> [Your task]: Would you pull out every line of the material that contains the string "upright"?

> [Data in this exercise]:
━━━━━━━━━━

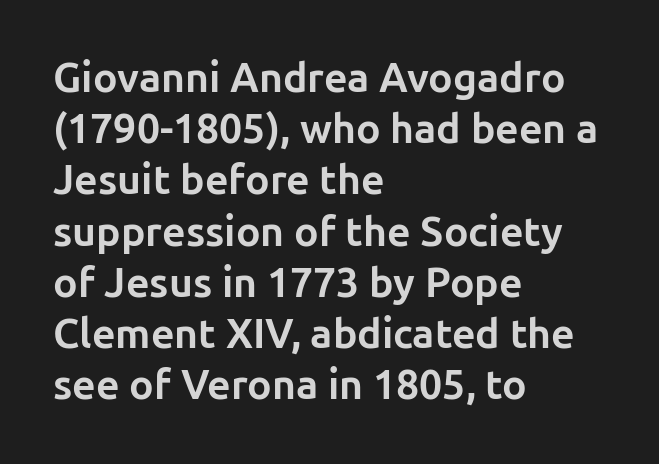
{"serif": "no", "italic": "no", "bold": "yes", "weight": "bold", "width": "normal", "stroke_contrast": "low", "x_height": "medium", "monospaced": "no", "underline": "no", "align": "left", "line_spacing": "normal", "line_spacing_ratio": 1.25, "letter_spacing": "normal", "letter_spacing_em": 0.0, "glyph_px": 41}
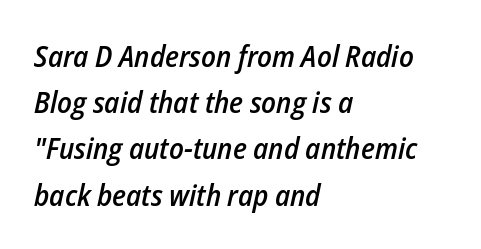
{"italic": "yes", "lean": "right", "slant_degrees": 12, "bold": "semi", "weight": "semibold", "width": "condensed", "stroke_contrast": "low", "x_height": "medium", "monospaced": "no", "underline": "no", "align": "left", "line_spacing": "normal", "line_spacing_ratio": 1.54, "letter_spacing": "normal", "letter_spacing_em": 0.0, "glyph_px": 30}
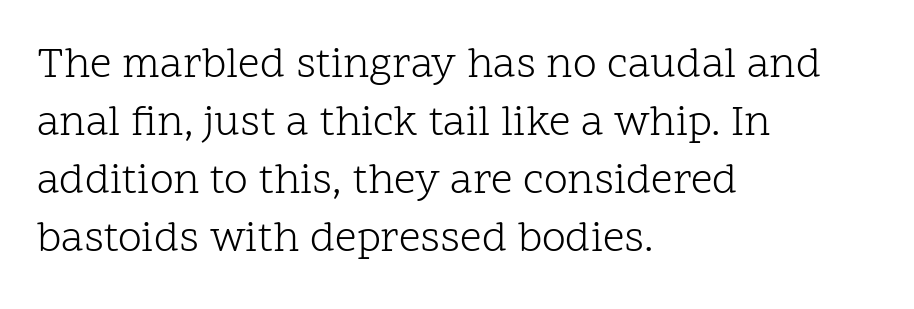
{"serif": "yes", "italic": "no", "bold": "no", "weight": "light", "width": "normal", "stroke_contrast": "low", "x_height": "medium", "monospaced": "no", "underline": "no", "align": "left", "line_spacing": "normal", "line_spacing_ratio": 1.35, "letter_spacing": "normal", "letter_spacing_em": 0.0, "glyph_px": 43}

━━━━━━━━━━

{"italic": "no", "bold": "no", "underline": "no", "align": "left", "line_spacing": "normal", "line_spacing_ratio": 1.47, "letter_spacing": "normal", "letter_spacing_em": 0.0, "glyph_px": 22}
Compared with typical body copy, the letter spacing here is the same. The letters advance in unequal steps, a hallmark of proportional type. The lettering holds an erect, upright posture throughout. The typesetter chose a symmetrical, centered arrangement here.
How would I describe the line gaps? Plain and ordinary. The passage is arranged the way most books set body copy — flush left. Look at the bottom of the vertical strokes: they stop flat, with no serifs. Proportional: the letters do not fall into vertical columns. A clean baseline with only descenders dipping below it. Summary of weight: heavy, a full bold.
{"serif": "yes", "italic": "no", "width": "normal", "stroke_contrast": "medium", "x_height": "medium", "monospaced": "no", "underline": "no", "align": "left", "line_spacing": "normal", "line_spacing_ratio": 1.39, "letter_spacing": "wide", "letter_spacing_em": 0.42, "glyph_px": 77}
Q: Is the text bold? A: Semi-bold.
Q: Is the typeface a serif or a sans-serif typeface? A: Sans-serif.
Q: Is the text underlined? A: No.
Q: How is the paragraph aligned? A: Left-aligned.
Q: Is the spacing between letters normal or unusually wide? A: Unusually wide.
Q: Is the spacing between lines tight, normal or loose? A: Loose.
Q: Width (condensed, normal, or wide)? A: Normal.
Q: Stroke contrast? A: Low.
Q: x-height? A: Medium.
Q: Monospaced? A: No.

━━━━━━━━━━

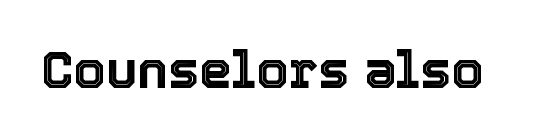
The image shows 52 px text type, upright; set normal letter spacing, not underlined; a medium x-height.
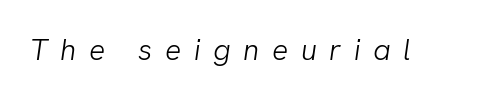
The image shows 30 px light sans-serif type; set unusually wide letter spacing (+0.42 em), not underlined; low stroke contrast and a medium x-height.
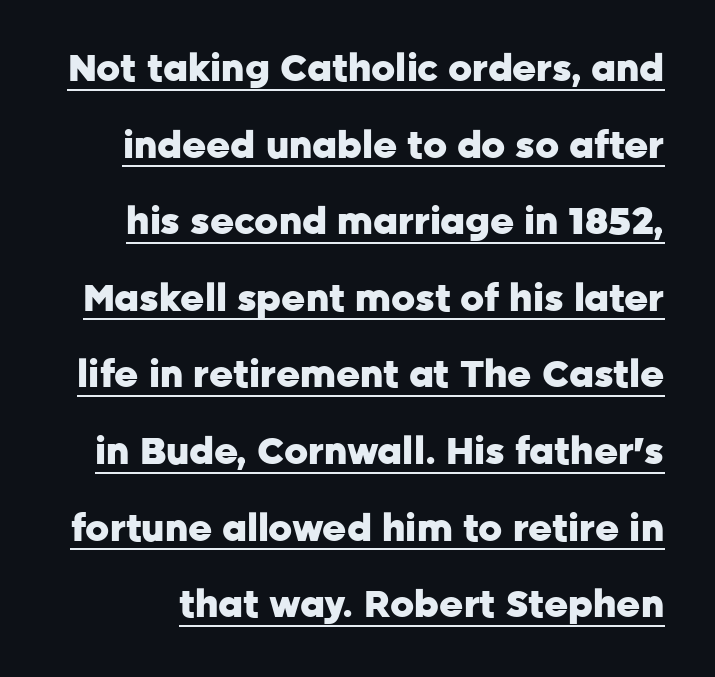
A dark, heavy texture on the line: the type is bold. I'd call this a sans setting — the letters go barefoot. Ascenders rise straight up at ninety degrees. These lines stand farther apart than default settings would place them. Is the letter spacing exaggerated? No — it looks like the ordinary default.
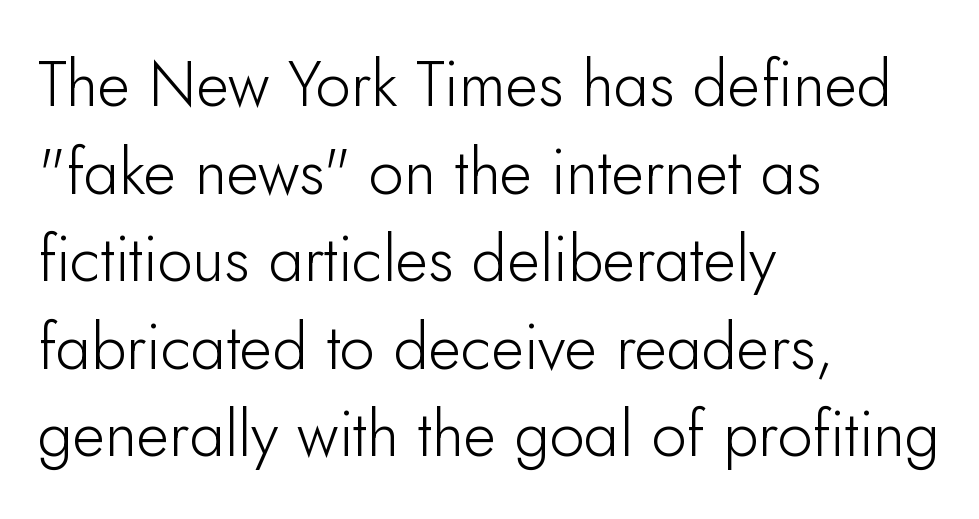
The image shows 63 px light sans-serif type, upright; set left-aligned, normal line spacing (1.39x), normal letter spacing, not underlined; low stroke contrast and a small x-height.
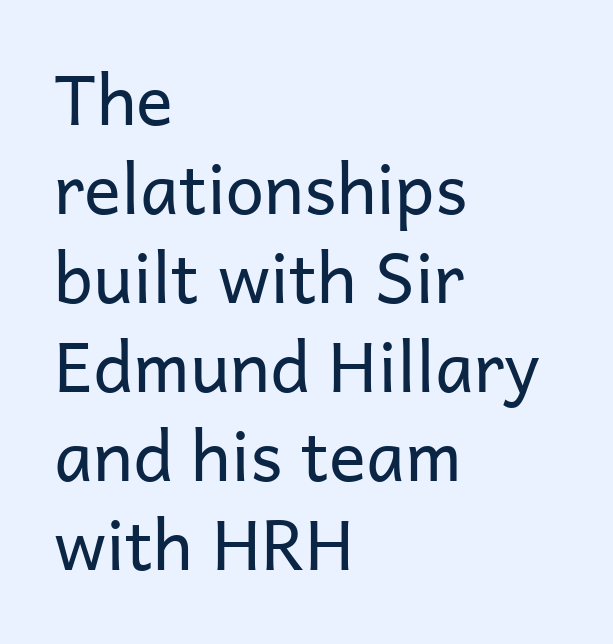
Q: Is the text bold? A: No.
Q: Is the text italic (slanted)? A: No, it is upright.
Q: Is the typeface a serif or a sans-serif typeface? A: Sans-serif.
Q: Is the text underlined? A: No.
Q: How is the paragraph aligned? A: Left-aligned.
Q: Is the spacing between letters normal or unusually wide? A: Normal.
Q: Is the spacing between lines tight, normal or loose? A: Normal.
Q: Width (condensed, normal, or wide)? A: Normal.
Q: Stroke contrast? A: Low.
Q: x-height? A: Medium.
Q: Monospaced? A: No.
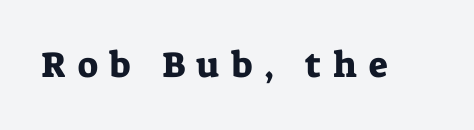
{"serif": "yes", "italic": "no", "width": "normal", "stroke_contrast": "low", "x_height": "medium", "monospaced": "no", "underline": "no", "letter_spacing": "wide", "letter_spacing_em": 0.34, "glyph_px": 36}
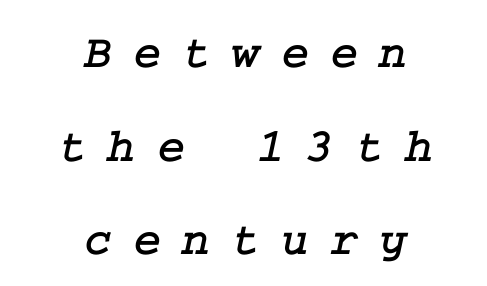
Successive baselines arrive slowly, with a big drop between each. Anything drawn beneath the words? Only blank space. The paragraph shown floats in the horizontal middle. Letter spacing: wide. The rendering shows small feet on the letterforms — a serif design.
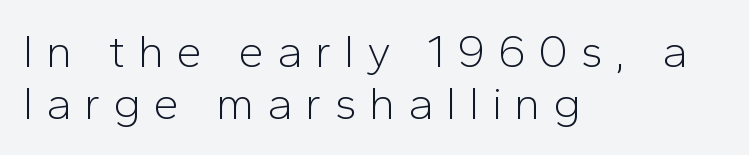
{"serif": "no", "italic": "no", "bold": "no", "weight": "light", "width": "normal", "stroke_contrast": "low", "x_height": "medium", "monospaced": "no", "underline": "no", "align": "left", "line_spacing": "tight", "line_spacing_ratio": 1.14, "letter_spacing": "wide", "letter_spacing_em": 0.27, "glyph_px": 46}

━━━━━━━━━━

> [Response area]:
Compared with typical body copy, the letter spacing here is the same. The letters advance in unequal steps, a hallmark of proportional type. The lettering holds an erect, upright posture throughout. The typesetter chose a symmetrical, centered arrangement here.
The image shows 52 px text type, upright; set normal letter spacing, not underlined; a medium x-height.
The image shows 63 px light sans-serif type, upright; set left-aligned, normal line spacing (1.39x), normal letter spacing, not underlined; low stroke contrast and a small x-height.
Q: Is the text italic (slanted)? A: No, it is upright.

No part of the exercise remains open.